GÜLZADEM Kafkasi (Teşekkürler)

Osman Onuktav

Administrator
Yönetici




https://i.hizliresim.com/vPg8Op.jpg





TEŞEKKÜR

Evet nihayet Deli yüreğimin kalemle özleşip duygularımı içimdeki sessizliği haykırıp kalemimin kıvılcımıyla patlamaya varması mesabesinde üş beş kırık dökük mısraları GÜLZADEM adlı şiir kitabımı siz değerli dostlara sunma vakti zamanı geldi.

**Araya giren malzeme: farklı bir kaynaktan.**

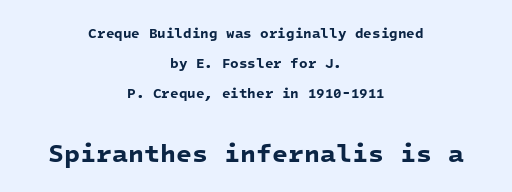
Q: Is the text bold? A: Yes.
Q: Is the text underlined? A: No.
Q: How is the paragraph aligned? A: Centered.
Q: Is the spacing between letters normal or unusually wide? A: Normal.
Q: Is the spacing between lines tight, normal or loose? A: Loose.
Q: Which block of text is set in a larger size, the first (top) or the second (bottom)? A: The second (bottom) one.
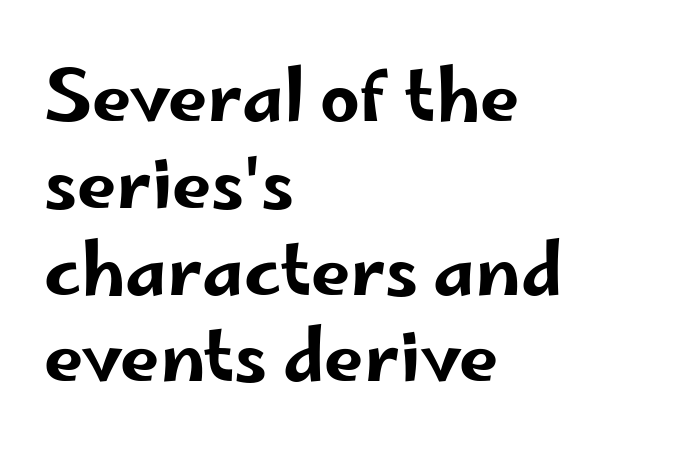
The glyphs in this specimen are sans serif. Designer's note — italics off, roman on. Layout note: lines flush left. Here the designer chose a conventional face with non-uniform glyph widths.
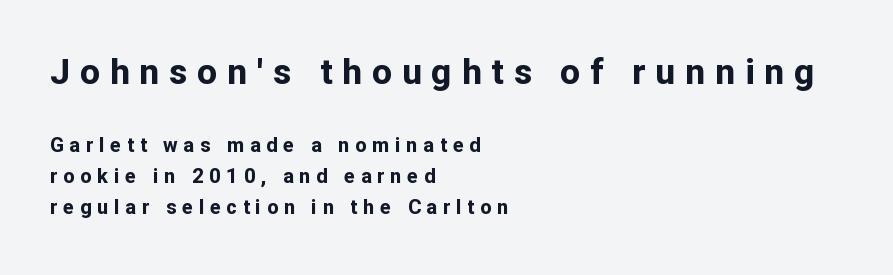
Q: Is the text bold? A: Yes.
Q: Is the text italic (slanted)? A: No, it is upright.
Q: Is the typeface a serif or a sans-serif typeface? A: Sans-serif.
Q: Is the text underlined? A: No.
Q: How is the paragraph aligned? A: Left-aligned.
Q: Is the spacing between letters normal or unusually wide? A: Unusually wide.
Q: Is the spacing between lines tight, normal or loose? A: Normal.
Q: Which block of text is set in a larger size, the first (top) or the second (bottom)? A: The first (top) one.
Q: Width (condensed, normal, or wide)? A: Normal.
Q: Stroke contrast? A: Low.
Q: x-height? A: Medium.
Q: Monospaced? A: No.
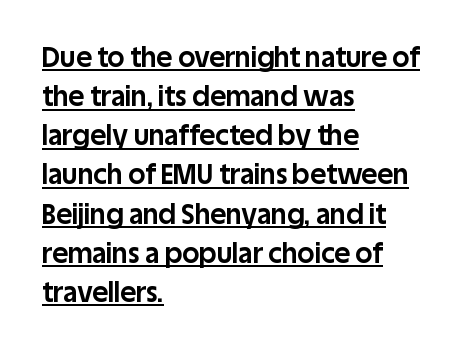
Thick stems and heavy bowls — unmistakably bold. The specimen includes a rule beneath the text block's lines. How are the letters spaced? Ordinarily, with no added tracking. The leading is moderate, giving the passage an even texture.
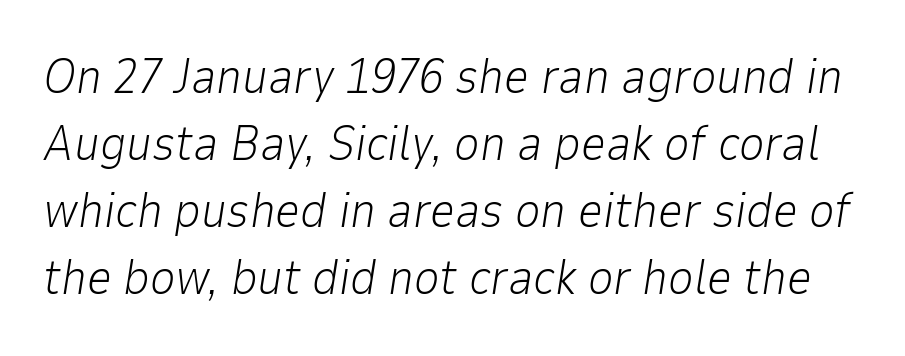
Looks like regular typesetting: each glyph gets only the width it needs. This sample uses plain, unmodified letter spacing. The leading is moderate, giving the passage an even texture. Nothing heavy about these letters — not bold at all.

Bu duyguma ortak olan Başta bütün gönül dostlarıma teşekkür ederim.
GÜLZADEM Şiir kitabında emeği geçen önsüz yazısını yazan Değerli Ozanım Ozan Arif’e, Fikirlerinden yararlandığım üstadım İsmail Tıkıroğlu (Yaren) çok teşekkür ederim

Şairin ideali olmalı, şairin özlemi olmalı, şairin kalemiyle, yüreğiyle yazan hasretle, özlemle açan çiçekli bahçesi olmalı, her çiçeğin verdiği güzel renklerin üzerinde poleni toplayan arı olmalı değip şiirlerimi siz değerli dostlarıma okurken düşündüren, düşünürken yorumlayan hislerinize, yüreğinize emanet ediyorum. Okuyucuların zihinlerin de izler bırakması dileklerimle

Saygılarımı sunarım..

Osman Onuktav
Kafkasi
 
Son düzenleme:

Osman Onuktav

Administrator
Yönetici
ÖNSÖZ MÜ?
İLK SÖZ MÜ?
ARTIK NE DERSENİZ…

Onun adını duyunca Ayhan Hünalp’in o çok sevdiğim,

“Merhametsiz kalpleri sana benzetirler,
Sana dilsiz, sana ruhsuz dediler.
Hâlbuki senindir değirmendeki beste,
Seninle şekil verir ruhuna heykeltıraş,
Sana yanılır dert, sana vurulur baş,
Milyonlarca insanın, milyonlarca sene taptığı taş…”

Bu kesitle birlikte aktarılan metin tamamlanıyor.